* _RECORDS PROVIDED_:
##############################

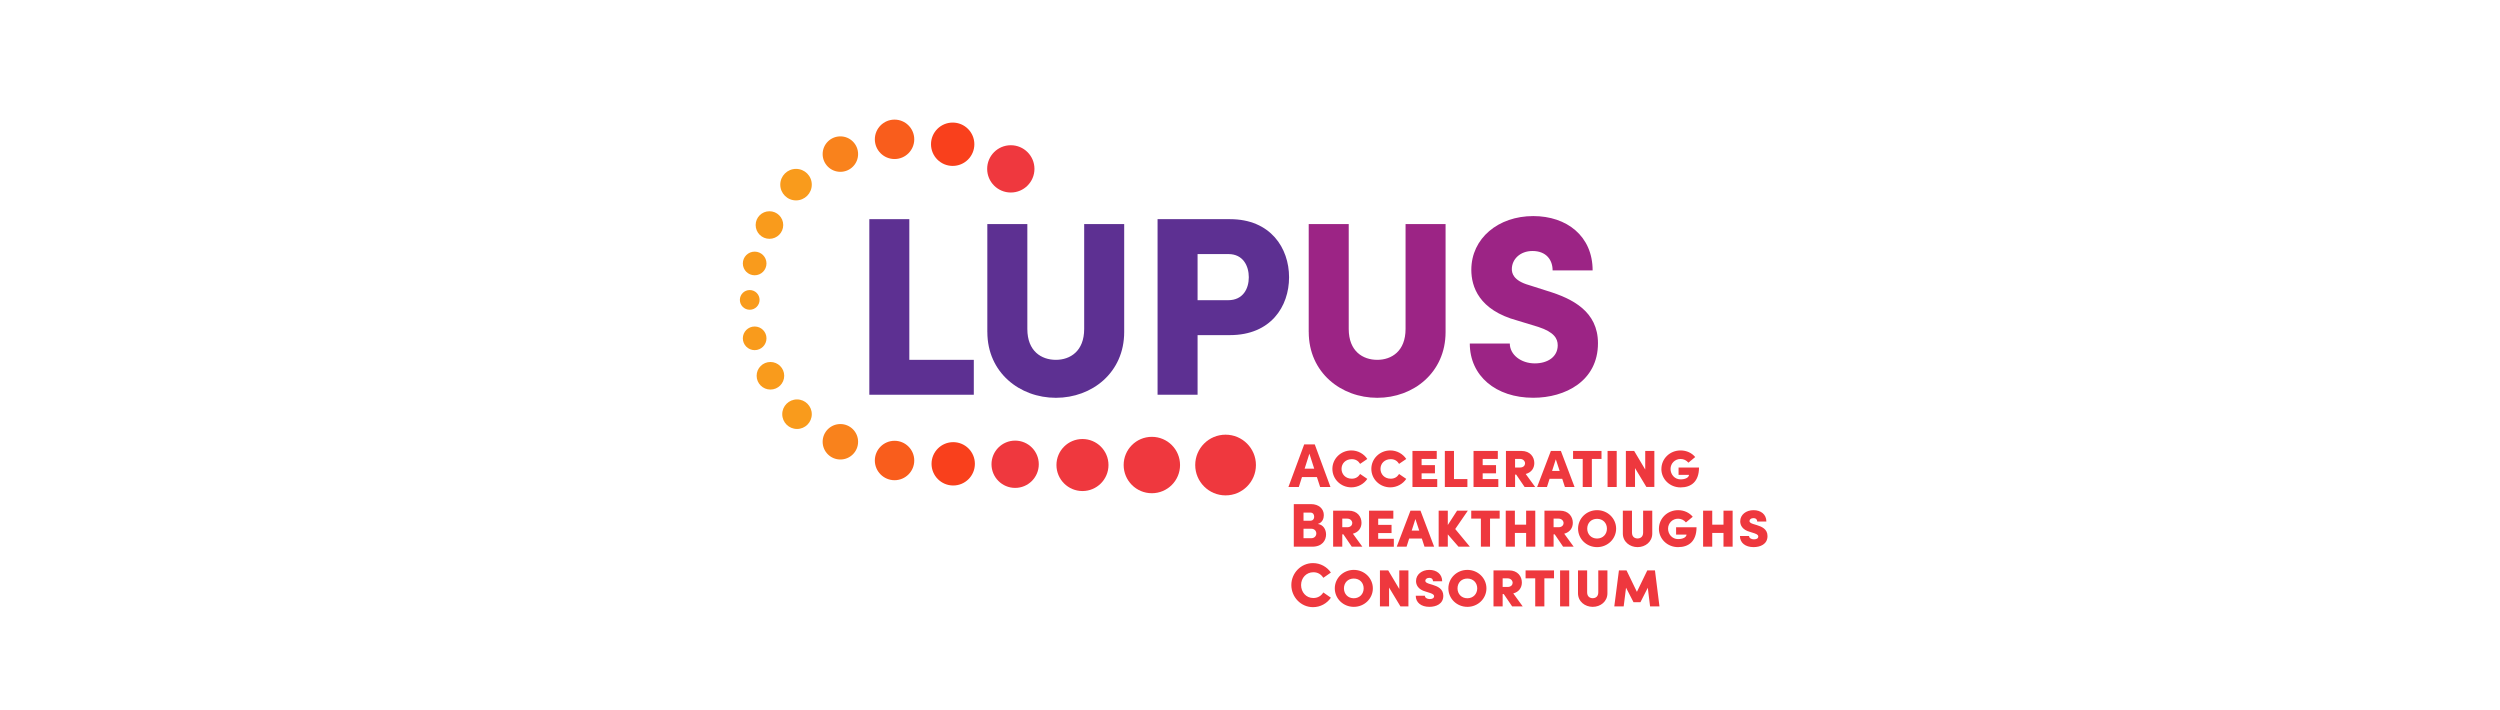 <?xml version="1.0" encoding="UTF-8"?>
<svg xmlns="http://www.w3.org/2000/svg" version="1.1" viewBox="0 0 155 44">
  <defs>
    <style>
      .cls-1 {
        fill: #f95d1c;
      }

      .cls-2 {
        fill: #9c2485;
      }

      .cls-3 {
        fill: #f9821c;
      }

      .cls-4 {
        fill: #5d3092;
      }

      .cls-5 {
        fill: #f9401c;
      }

      .cls-6 {
        fill: #ef383e;
      }

      .cls-7 {
        fill: #f99b1c;
      }

      .cls-8 {
        fill: #ee383e;
      }
    </style>
  </defs>
  <!-- Generator: Adobe Illustrator 28.6.0, SVG Export Plug-In . SVG Version: 1.2.0 Build 709)  -->
  <g>
    <g id="Layer_1">
      <polygon class="cls-4" points="56.378 22.31 60.376 22.31 60.376 24.474 53.898 24.474 53.898 13.588 56.378 13.588 56.378 22.31"/>
      <g>
        <path class="cls-4" d="M76.257,13.588c2.528,0,3.665,1.801,3.665,3.602,0,1.817-1.137,3.587-3.665,3.587h-2.007v3.697h-2.481v-10.886h4.487ZM76.146,18.612c.932,0,1.28-.727,1.28-1.422s-.348-1.438-1.264-1.438h-1.912v2.86h1.896Z"/>
        <path class="cls-2" d="M81.14,20.587v-6.694h2.481v6.505c0,1.375.869,1.912,1.77,1.912.885,0,1.754-.537,1.754-1.912v-6.505h2.481v6.694c0,2.512-1.991,4.077-4.234,4.077s-4.25-1.564-4.25-4.077"/>
        <path class="cls-2" d="M91.127,21.298h2.481c0,.695.695,1.232,1.549,1.232.806,0,1.422-.411,1.422-1.122,0-.427-.237-.822-1.201-1.138l-1.296-.395c-2.402-.648-2.86-2.117-2.86-3.144,0-1.959,1.675-3.334,3.839-3.334,2.086,0,3.682,1.248,3.682,3.366h-2.481c0-.648-.395-1.201-1.248-1.201-.774,0-1.28.521-1.28,1.122,0,.221.063.711,1.074.995l1.138.363c1.549.474,3.128,1.264,3.128,3.239,0,2.339-2.022,3.381-4.013,3.381-2.322,0-3.934-1.359-3.934-3.365"/>
        <path class="cls-4" d="M61.214,20.587v-6.694h2.481v6.505c0,1.375.869,1.912,1.77,1.912.885,0,1.754-.537,1.754-1.912v-6.505h2.481v6.694c0,2.512-1.991,4.077-4.234,4.077s-4.25-1.564-4.25-4.077"/>
        <path class="cls-7" d="M47.094,18.594c0,.337-.273.611-.611.611s-.611-.273-.611-.611.273-.611.611-.611.611.273.611.611"/>
        <path class="cls-7" d="M47.522,16.334c0,.405-.328.733-.733.733s-.733-.328-.733-.733.328-.733.733-.733.733.328.733.733"/>
        <path class="cls-7" d="M47.522,20.976c0,.405-.328.733-.733.733s-.733-.328-.733-.733.328-.733.733-.733.733.328.733.733"/>
        <path class="cls-7" d="M48.621,23.298c0,.472-.383.855-.855.855s-.855-.383-.855-.855.383-.855.855-.855.855.383.855.855"/>
        <path class="cls-7" d="M48.56,13.952c0,.472-.383.855-.855.855s-.855-.383-.855-.855.383-.855.855-.855.855.383.855.855"/>
        <path class="cls-7" d="M50.331,11.448c0,.54-.437.977-.977.977s-.977-.437-.977-.977.437-.977.977-.977.977.437.977.977"/>
        <path class="cls-7" d="M50.331,25.68c0,.506-.41.916-.916.916s-.916-.41-.916-.916.41-.916.916-.916.916.41.916.916"/>
        <path class="cls-3" d="M53.202,9.554c0,.607-.492,1.099-1.099,1.099s-1.099-.492-1.099-1.099.492-1.099,1.099-1.099,1.099.492,1.099,1.099"/>
        <path class="cls-3" d="M53.202,27.39c0,.607-.492,1.099-1.099,1.099s-1.099-.492-1.099-1.099.492-1.099,1.099-1.099,1.099.492,1.099,1.099"/>
        <path class="cls-1" d="M56.684,8.638c0,.675-.547,1.222-1.222,1.222s-1.222-.547-1.222-1.222.547-1.222,1.222-1.222,1.222.547,1.222,1.222"/>
        <path class="cls-1" d="M56.684,28.551c0,.675-.547,1.222-1.222,1.222s-1.222-.547-1.222-1.222.547-1.222,1.222-1.222,1.222.547,1.222,1.222"/>
        <path class="cls-5" d="M60.41,8.943c0,.742-.602,1.344-1.344,1.344s-1.344-.602-1.344-1.344.602-1.344,1.344-1.344,1.344.602,1.344,1.344"/>
        <path class="cls-5" d="M60.443,28.757c0,.742-.602,1.344-1.344,1.344s-1.344-.602-1.344-1.344.602-1.344,1.344-1.344,1.344.602,1.344,1.344"/>
        <path class="cls-6" d="M64.136,10.47c0,.81-.656,1.466-1.466,1.466s-1.466-.656-1.466-1.466.656-1.466,1.466-1.466,1.466.656,1.466,1.466"/>
        <path class="cls-6" d="M64.405,28.784c0,.81-.656,1.466-1.466,1.466s-1.466-.656-1.466-1.466.656-1.466,1.466-1.466,1.466.656,1.466,1.466"/>
        <path class="cls-6" d="M68.726,28.832c0,.891-.722,1.613-1.613,1.613s-1.613-.722-1.613-1.613.722-1.613,1.613-1.613,1.613.722,1.613,1.613"/>
        <path class="cls-6" d="M73.163,28.832c0,.965-.782,1.748-1.748,1.748s-1.748-.782-1.748-1.748.782-1.748,1.748-1.748,1.748.782,1.748,1.748"/>
        <path class="cls-6" d="M77.868,28.832c0,1.039-.843,1.882-1.882,1.882s-1.882-.843-1.882-1.882.843-1.882,1.882-1.882,1.882.843,1.882,1.882"/>
      </g>
      <path class="cls-8" d="M81.848,30.192l-.199-.613h-.927l-.195.613h-.644l.977-2.64h.655l.973,2.64h-.64ZM80.887,29.058h.594l-.299-.931-.295.931ZM82.608,29.069c0-.628.521-1.142,1.176-1.142.41,0,.778.211.989.529l-.445.303c-.115-.184-.28-.291-.517-.291-.376,0-.636.261-.636.602,0,.337.253.609.632.609.241,0,.406-.107.521-.291l.445.303c-.211.314-.579.525-.989.525-.655,0-1.176-.51-1.176-1.146ZM85.023,29.069c0-.628.521-1.142,1.176-1.142.41,0,.778.211.989.529l-.445.303c-.115-.184-.28-.291-.517-.291-.376,0-.636.261-.636.602,0,.337.253.609.632.609.241,0,.406-.107.521-.291l.445.303c-.211.314-.579.525-.989.525-.655,0-1.176-.51-1.176-1.146ZM88.139,29.702h.97v.491h-1.537v-2.234h1.506v.494h-.939v.387h.828v.506h-.828v.356ZM89.58,30.192v-2.234h.567v1.744h.832v.491h-1.399ZM91.926,29.702h.97v.491h-1.537v-2.234h1.506v.494h-.939v.387h.828v.506h-.828v.356ZM94.525,30.192l-.521-.766h-.069v.766h-.567v-2.234h.962c.544,0,.797.379.797.751,0,.31-.172.582-.533.678l.586.805h-.655ZM93.934,28.453v.533h.31c.215,0,.31-.138.31-.257s-.1-.276-.31-.276h-.31ZM97.024,30.192l-.165-.506h-.786l-.161.506h-.609l.851-2.234h.621l.847,2.234h-.598ZM96.23,29.196h.468l-.238-.72-.23.72ZM99.293,27.958v.494h-.598v1.74h-.567v-1.74h-.598v-.494h1.763ZM99.669,30.192v-2.234h.567v2.234h-.567ZM102.003,27.958h.567v2.234h-.494l-.705-1.169v1.169h-.567v-2.234h.514l.686,1.153v-1.153ZM103.007,29.077c0-.636.521-1.15,1.188-1.15.379,0,.705.161.908.41l-.422.349c-.123-.146-.291-.23-.487-.23-.349,0-.621.276-.621.621,0,.333.249.644.621.644.28,0,.51-.1.525-.28h-.648v-.452h1.268c-.004.866-.479,1.23-1.146,1.23s-1.188-.514-1.188-1.142Z"/>
      <path class="cls-8" d="M82.216,33.136c0,.36-.234.759-.855.759h-1.146v-2.64h1.069c.483,0,.793.291.793.682,0,.184-.069.46-.372.548.349.05.51.349.51.651ZM81.243,31.78h-.425v.506h.422c.142,0,.238-.092.238-.253,0-.134-.069-.253-.234-.253ZM81.289,33.37c.215,0,.322-.146.322-.295,0-.138-.096-.295-.322-.295h-.471v.59h.471ZM83.811,33.895l-.521-.766h-.069v.766h-.567v-2.234h.962c.544,0,.797.379.797.751,0,.31-.172.582-.533.678l.586.805h-.655ZM83.221,32.155v.533h.31c.215,0,.31-.138.31-.257s-.1-.276-.31-.276h-.31ZM85.448,33.405h.97v.491h-1.537v-2.234h1.506v.494h-.939v.387h.828v.506h-.828v.356ZM88.319,33.895l-.165-.506h-.786l-.161.506h-.609l.851-2.234h.621l.847,2.234h-.598ZM87.525,32.899h.468l-.238-.72-.23.72ZM91.132,33.895h-.705l-.663-.763v.763h-.567v-2.234h.567v.889l.575-.889h.667l-.782,1.138.908,1.096ZM92.98,31.661v.494h-.598v1.74h-.567v-1.74h-.598v-.494h1.763ZM94.62,31.661h.567v2.234h-.567v-.855h-.697v.855h-.567v-2.234h.567v.87h.697v-.87ZM96.913,33.895l-.521-.766h-.069v.766h-.567v-2.234h.962c.544,0,.797.379.797.751,0,.31-.172.582-.533.678l.586.805h-.655ZM96.322,32.155v.533h.31c.215,0,.31-.138.31-.257s-.1-.276-.31-.276h-.31ZM97.84,32.776c0-.632.521-1.146,1.18-1.146.655,0,1.18.513,1.18,1.146s-.525,1.146-1.18,1.146c-.659,0-1.18-.513-1.18-1.146ZM99.63,32.776c0-.345-.245-.609-.613-.609s-.609.264-.609.609c0,.341.241.613.609.613s.613-.272.613-.613ZM100.616,33.079v-1.418h.567v1.364c0,.264.176.36.345.36.172,0,.345-.096.345-.36v-1.364h.567v1.418c0,.514-.429.843-.912.843-.479,0-.912-.33-.912-.843ZM102.854,32.78c0-.636.521-1.15,1.188-1.15.379,0,.705.161.908.41l-.422.349c-.123-.146-.291-.23-.487-.23-.349,0-.621.276-.621.621,0,.333.249.644.621.644.28,0,.51-.1.525-.28h-.648v-.452h1.268c-.004.866-.479,1.23-1.146,1.23s-1.188-.513-1.188-1.142ZM106.856,31.661h.567v2.234h-.567v-.855h-.697v.855h-.567v-2.234h.567v.87h.697v-.87ZM107.875,33.232h.567c0,.126.142.207.299.207.149,0,.272-.046.272-.18,0-.046-.023-.123-.23-.192l-.276-.088c-.51-.134-.613-.445-.613-.659,0-.406.36-.69.824-.69.452,0,.797.257.797.705h-.567c0-.111-.065-.211-.238-.211-.149,0-.241.084-.241.18,0,.038.015.119.215.18l.23.069c.31.096.671.245.671.682,0,.514-.456.686-.866.686-.502,0-.843-.261-.843-.69Z"/>
      <path class="cls-8" d="M80.063,36.272c0-.743.598-1.36,1.341-1.36.464,0,.87.234,1.111.586l-.468.326c-.138-.215-.341-.345-.617-.345-.445,0-.763.356-.763.793s.307.805.759.805c.28,0,.483-.13.621-.345l.468.326c-.241.353-.648.586-1.111.586-.743,0-1.341-.621-1.341-1.372ZM82.757,36.479c0-.632.521-1.146,1.18-1.146.655,0,1.18.513,1.18,1.146s-.525,1.146-1.18,1.146c-.659,0-1.18-.513-1.18-1.146ZM84.547,36.479c0-.345-.245-.609-.613-.609s-.609.264-.609.609c0,.341.241.613.609.613s.613-.272.613-.613ZM86.755,35.364h.567v2.234h-.494l-.705-1.169v1.169h-.567v-2.234h.514l.686,1.153v-1.153ZM87.775,36.935h.567c0,.126.142.207.299.207.149,0,.272-.046.272-.18,0-.046-.023-.123-.23-.192l-.276-.088c-.51-.134-.613-.445-.613-.659,0-.406.36-.69.824-.69.452,0,.797.257.797.705h-.567c0-.111-.065-.211-.238-.211-.149,0-.241.084-.241.18,0,.038.015.119.215.18l.23.069c.31.096.671.245.671.682,0,.514-.456.686-.866.686-.502,0-.843-.261-.843-.69ZM89.799,36.479c0-.632.521-1.146,1.18-1.146.655,0,1.18.513,1.18,1.146s-.525,1.146-1.18,1.146c-.659,0-1.18-.513-1.18-1.146ZM91.588,36.479c0-.345-.245-.609-.613-.609s-.609.264-.609.609c0,.341.241.613.609.613s.613-.272.613-.613ZM93.754,37.598l-.521-.766h-.069v.766h-.567v-2.234h.962c.544,0,.797.379.797.751,0,.31-.172.582-.533.678l.586.805h-.655ZM93.164,35.858v.533h.31c.215,0,.31-.138.31-.257s-.1-.276-.31-.276h-.31ZM96.349,35.364v.494h-.598v1.74h-.567v-1.74h-.598v-.494h1.763ZM96.725,37.598v-2.234h.567v2.234h-.567ZM97.836,36.782v-1.418h.567v1.364c0,.264.176.36.345.36.172,0,.345-.096.345-.36v-1.364h.567v1.418c0,.514-.429.843-.912.843-.479,0-.912-.33-.912-.843ZM102.887,37.598h-.582l-.142-1.157-.456.897h-.429l-.464-.901-.146,1.161h-.582l.287-2.234h.471l.644,1.33.644-1.33h.475l.28,2.234Z"/>
    </g>
  </g>
</svg>

##############################

* _TO DO_: Go through the preceding material and copy each line that has the word "fill".

* _SOLUTION_:
        fill: #f95d1c;
        fill: #9c2485;
        fill: #f9821c;
        fill: #5d3092;
        fill: #f9401c;
        fill: #ef383e;
        fill: #f99b1c;
        fill: #ee383e;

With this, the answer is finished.